Congratulations on the new addition to your family! We all want the perfect little pup who will housetrain quickly, sit on command, and look adorable on Instagram and YouTube.
Last time we talked about getting to know your puppy, appropriate handling, and fostering confidence in your first few weeks home together. Here are a few more tips to help you raise your best puppy ever.
First things first. All puppies need to poop and pee in the right place as soon as possible. Successful housetraining can be encouraged through direct supervision and immediate reward for eliminating in the proper place. Research supports the idea that puppies housetrain more quickly when positive methods are used.
We need to remember that it takes time for bladder control to develop in puppies. Let’s define bladder control as the ability to hold urine for six to eight hours at a time; this tends to be present in most dogs by the time they are 16- to 20-weeks old. Confining your pup to a crate or small pen helps to encourage this control.
Every time there is a pause in activity-your puppy wakes up from a nap, she comes out of her crate, or after she finishes eating-take her to your preferred spot for elimination. Once she starts to pee, mark the action verbally. Use words like “good pooper” (our words for Maisey), “hurry up”, or the timeless “go pee”. Praise her verbally and offer a treat as soon as she is finished.
Yes, you will going in and out with your puppy EVERY time she goes outside. The commitment is worth it if you want a dog that is housetrained early in your relationship.
It is our job to reward the good times and ignore the accidents. We do NOT punish or yell at puppies when we find urine or stool on the floor. How many of you would whack an eighteen-month-old human toddler on the nose with a newspaper for peeing in her diaper? Ridiculous, right?
Please understand: Dogs don’t feel guilty when they pee in the wrong place. They simply needed to pee. We, their people, make them feel guilty through our body language and tone of voice. This concept is really important, so I’m going to repeat my example from our last blog.

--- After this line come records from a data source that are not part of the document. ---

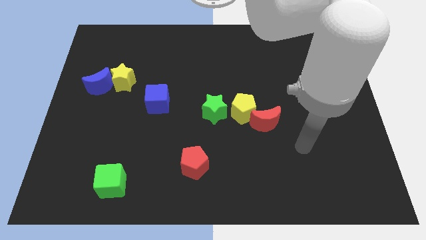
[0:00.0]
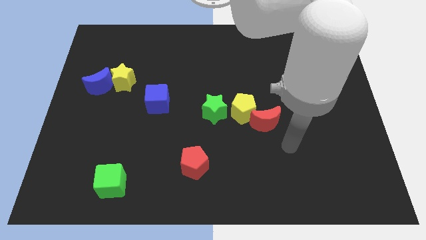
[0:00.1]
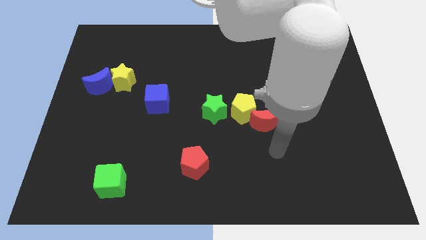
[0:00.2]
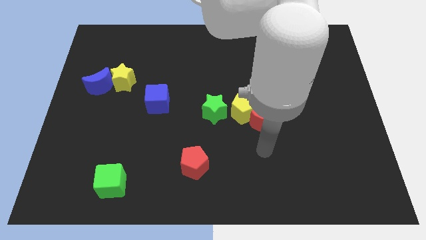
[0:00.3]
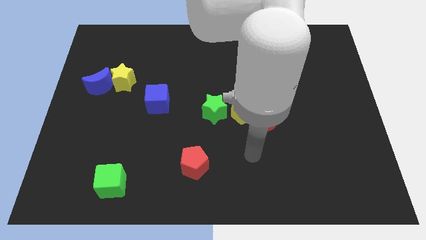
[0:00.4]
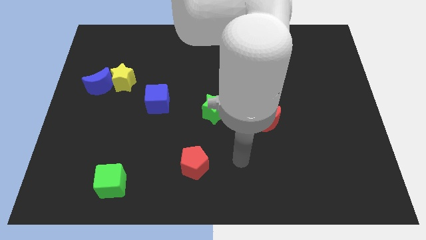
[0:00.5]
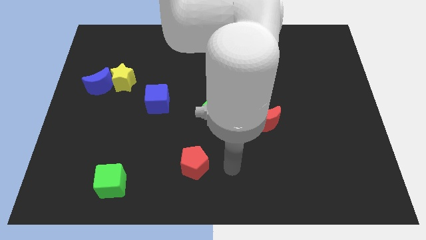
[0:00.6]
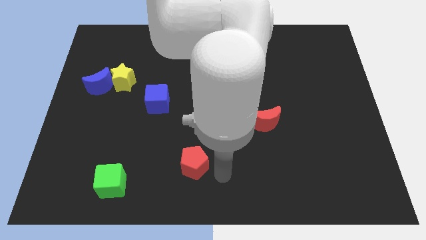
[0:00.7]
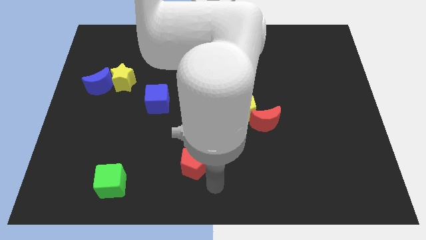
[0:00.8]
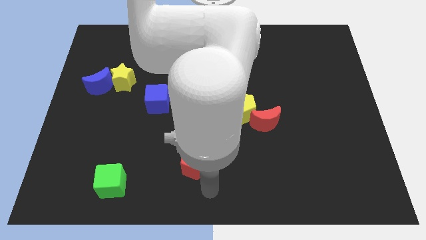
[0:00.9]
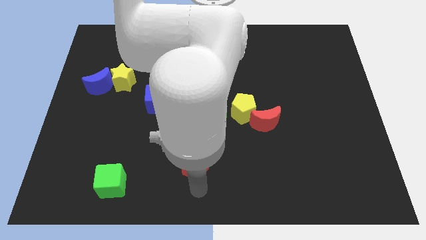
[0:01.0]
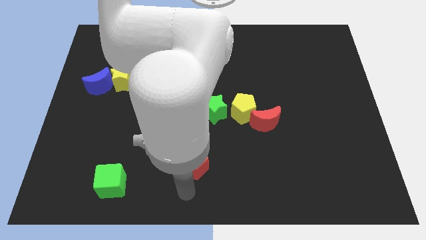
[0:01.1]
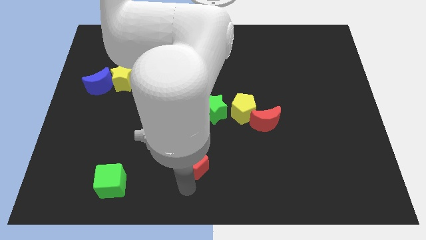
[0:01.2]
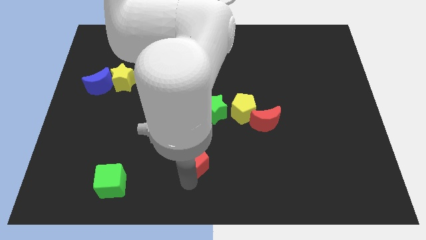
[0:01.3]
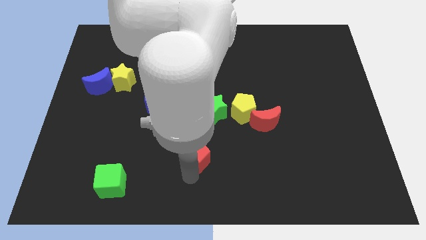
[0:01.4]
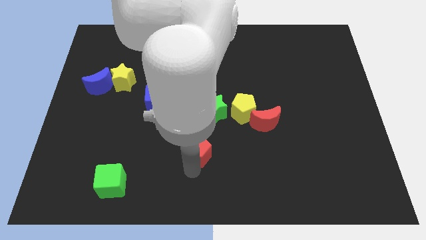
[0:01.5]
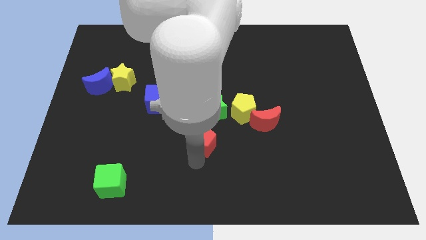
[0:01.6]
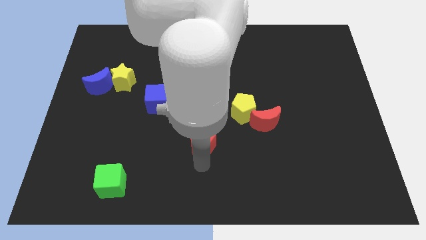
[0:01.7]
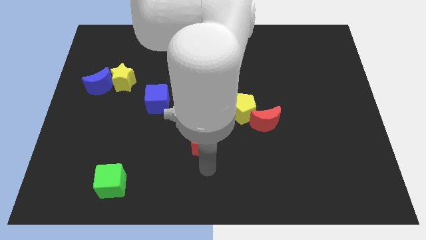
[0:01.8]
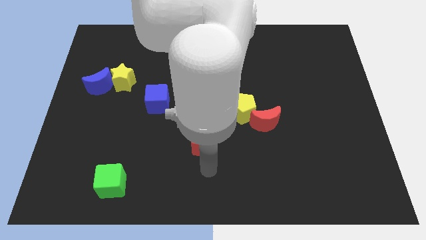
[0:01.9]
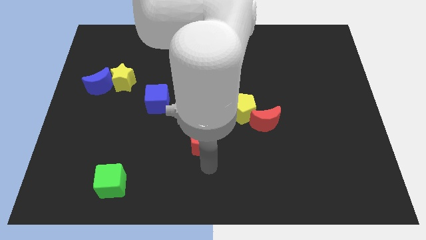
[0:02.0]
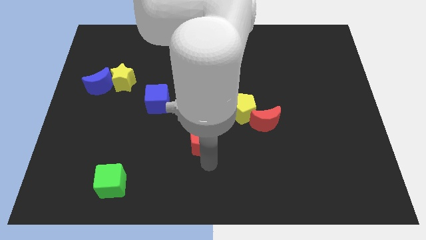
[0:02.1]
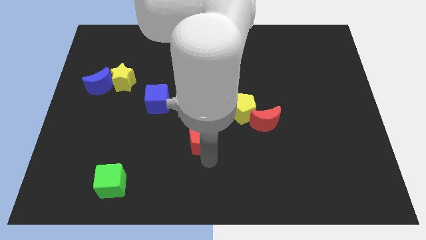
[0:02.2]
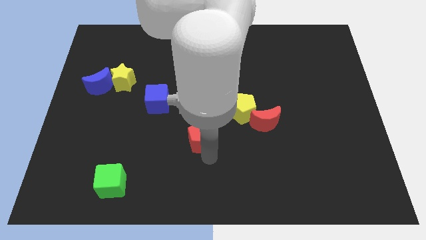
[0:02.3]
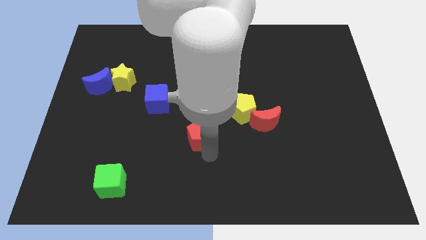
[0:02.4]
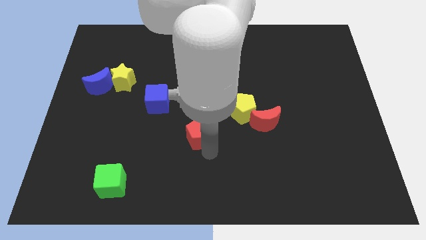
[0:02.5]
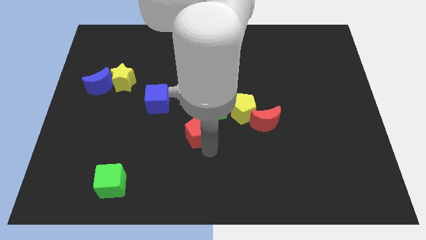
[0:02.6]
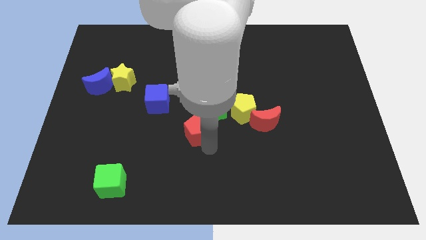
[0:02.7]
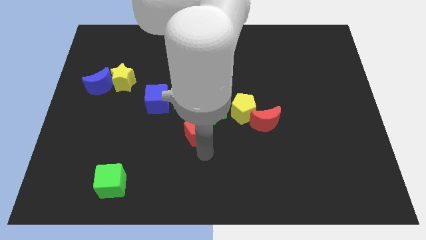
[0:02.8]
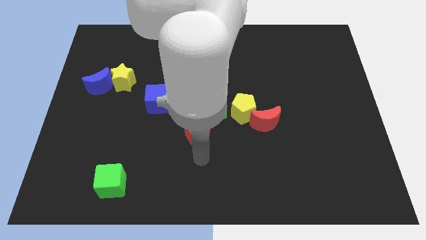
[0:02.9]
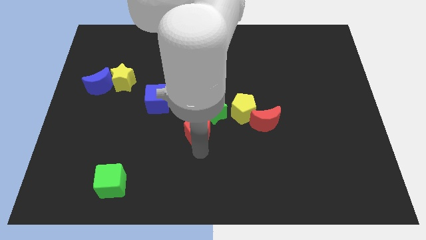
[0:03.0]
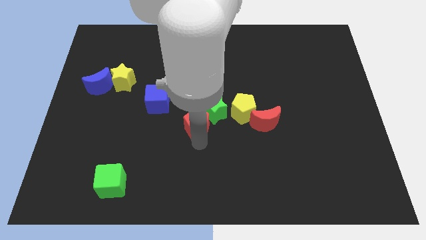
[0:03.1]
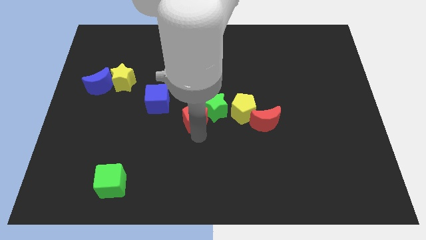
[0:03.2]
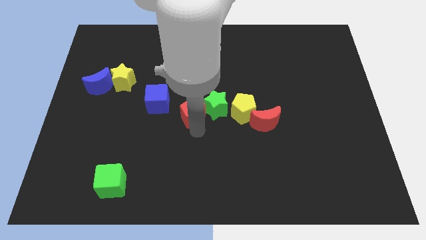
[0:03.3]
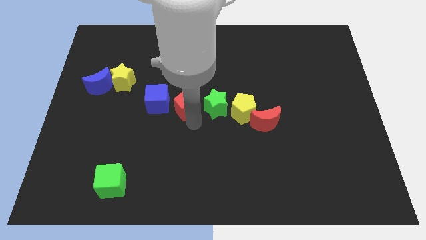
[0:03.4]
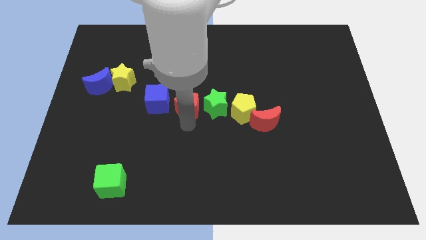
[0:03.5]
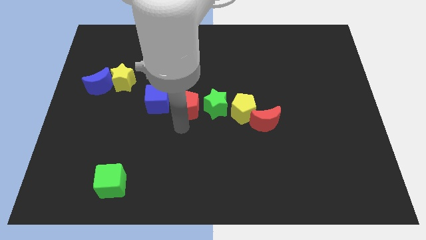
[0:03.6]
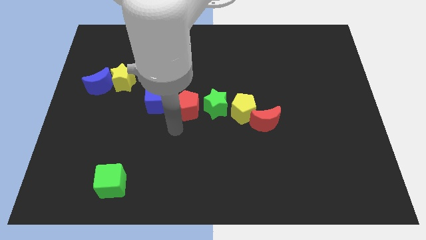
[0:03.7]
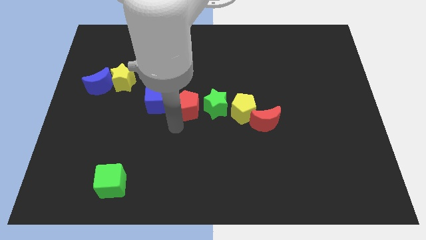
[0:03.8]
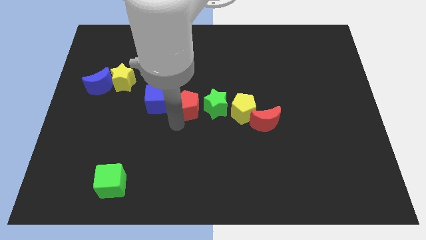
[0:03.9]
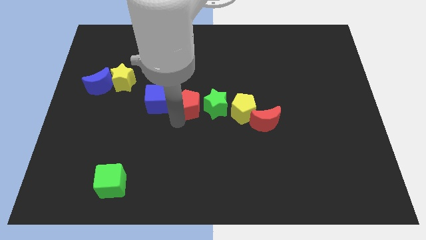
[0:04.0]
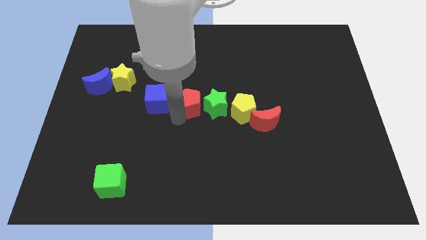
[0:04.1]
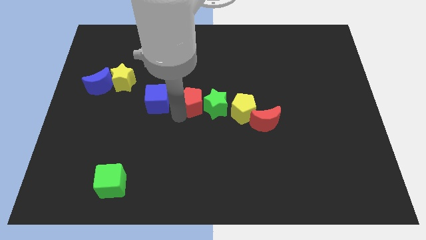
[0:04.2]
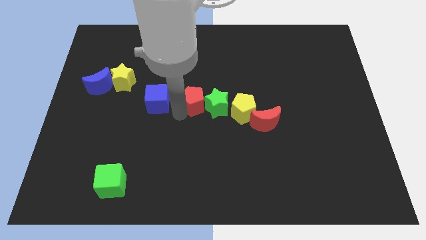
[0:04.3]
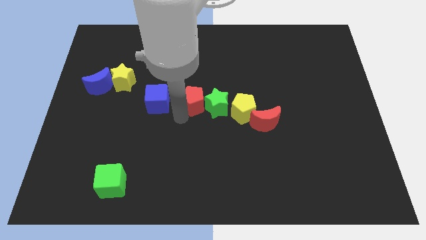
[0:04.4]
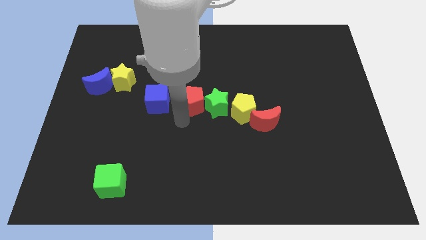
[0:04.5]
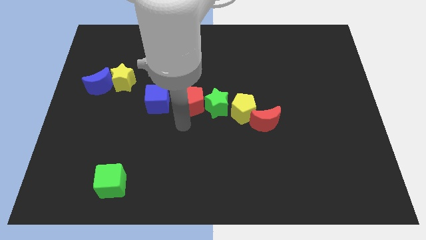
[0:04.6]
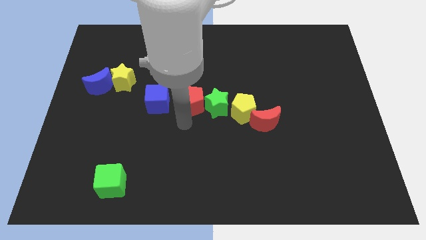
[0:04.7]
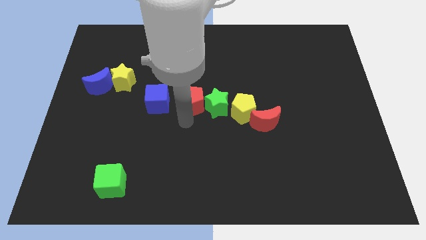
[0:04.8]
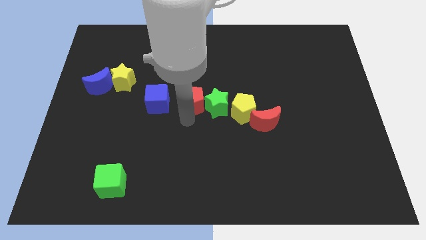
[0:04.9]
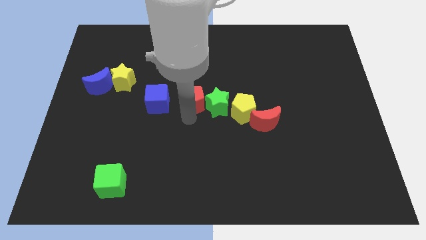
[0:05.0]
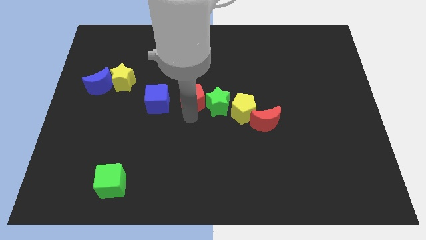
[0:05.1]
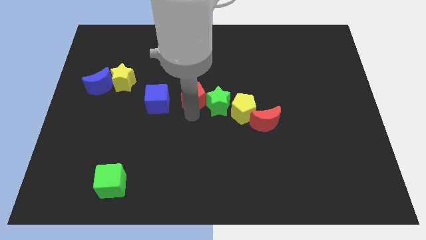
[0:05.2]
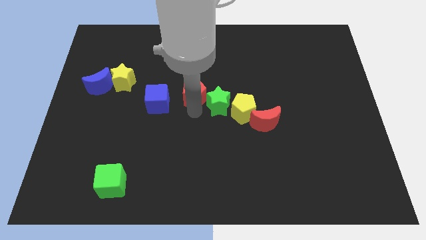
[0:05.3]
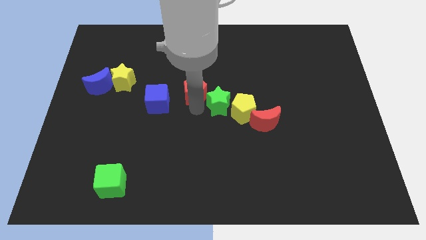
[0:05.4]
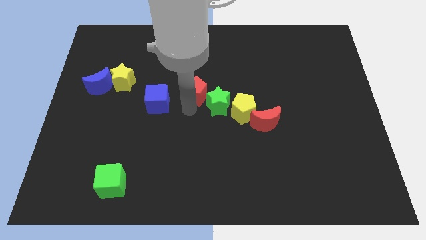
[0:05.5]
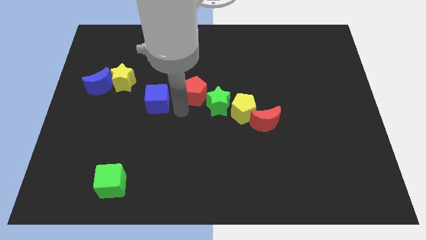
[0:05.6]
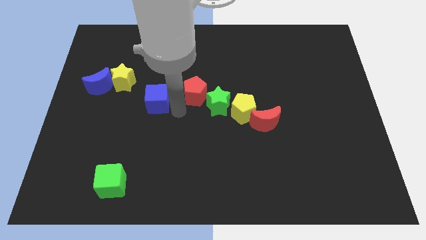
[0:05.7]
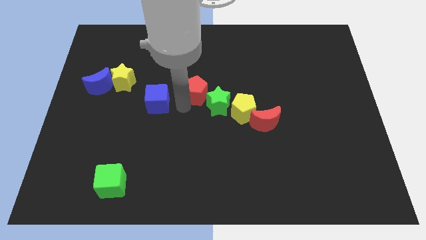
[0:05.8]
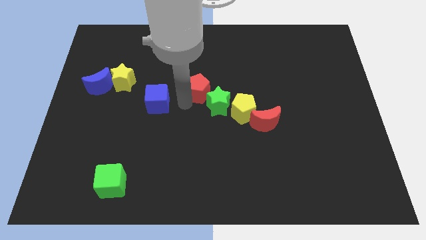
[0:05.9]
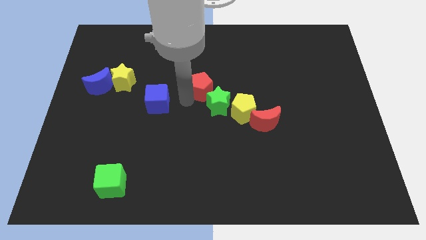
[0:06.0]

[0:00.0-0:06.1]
move the red pentagon above the green star

Pretend we can we read a dog’s mind. You come home to pee on the floor and your puppy sleeping on his bed in the living room. You wake him up by yelling at him for making a mess in the house. Here’s what he’s thinking. “Wow, my human is angry. I better not let her catch me sleeping on my bed again. I’ll go lick her hand and see if I can make her feel better so we can play.” That’s it. There is no connection between the pee on the floor, getting yelled at, and your dog’s guilty look and hand-licking. Trust me on this one.
Manners and Good Habits
Puppies learn acceptable manners from an early age when we shape and praise good habits and actions. Teach desirable behaviours and alternatives to unwanted ones in small steps. For example, offer your puppy a well-liked chew toy instead of your hands to discourage nipping. Trade toys for food and vice versa to show your puppy that trading one thing results in getting something better. Eventually, you can add an “out” or “leave it” command.
When successful interactions are reinforced with tidbits of yummy food, verbal praise, and physical petting, your pup will be motivated to repeat the same good behaviour next time. Cooked chicken morsels or treats half the size of your thumbnail work well to maintain interest when teaching new skills and behaviours. We don’t want roly-poly chubby puppies; ask your veterinary staff how many treats your dog should be getting on a daily basis.
My favourite game for young puppies is hand targeting or target training. In target training, we encourage young puppies to look to us for behavioural cues and direction. I start by teaching a puppy to touch or nudge the palm of my hand in exchange for a treat. While many trainers use clickers, I simply use a verbal marker like, “touch”. Check out Victoria Stilwell’s video on target training at https://positively.com/dog-behavior/basic-cues/hand-target-training for a great example of this method. The puppy learns to look to his owner for guidance and develops focus on the task at hand. With shaping the behaviour we can teach them to follow us at the heel or ring a bell to go outside for a pee.
Confident, friendly dogs make great companions; however, meeting new people and unfamiliar pets can be stressful for some puppies. People from different households may smell differently or have louder voices than your puppy is accustomed. Unexpected hugs by children can cause a puppy to be fearful around fast-moving mini-humans. Slow introductions with gentle handling and treat rewards will reinforce that people and animal strangers are a good thing.
Formal puppy classes are a great way for puppies to learn the body language of dogs with different facial features and body types. Puppies initially learn from their mothers and siblings who look and act as they do. Happy-go-lucky retrievers can be intimidating to shy Chihuahuas when initiating play. Border Collies and Pugs definitely “speak” different languages! Small dogs especially may react to overwhelming situations by avoiding other dogs or exhibiting aggressive behaviours. With patience and your trainer’s ability to guide new experiences, your puppy will be multilingual in no time!
One Last Thought
Dogs don’t know that us humans think we’re in charge. We need to prove how smart we are and how quick we are with treats and praise when things are going well. A good trainer uses positive and consistent training methods to teach you and your dog the best approaches for communicating with each other and the world around you.
Whether your puppy is destined to be a search and rescue canine or a child’s best friend, understanding these key concepts about this sensitive period in his life will help you build a solid foundation for an amazing relationship and life together.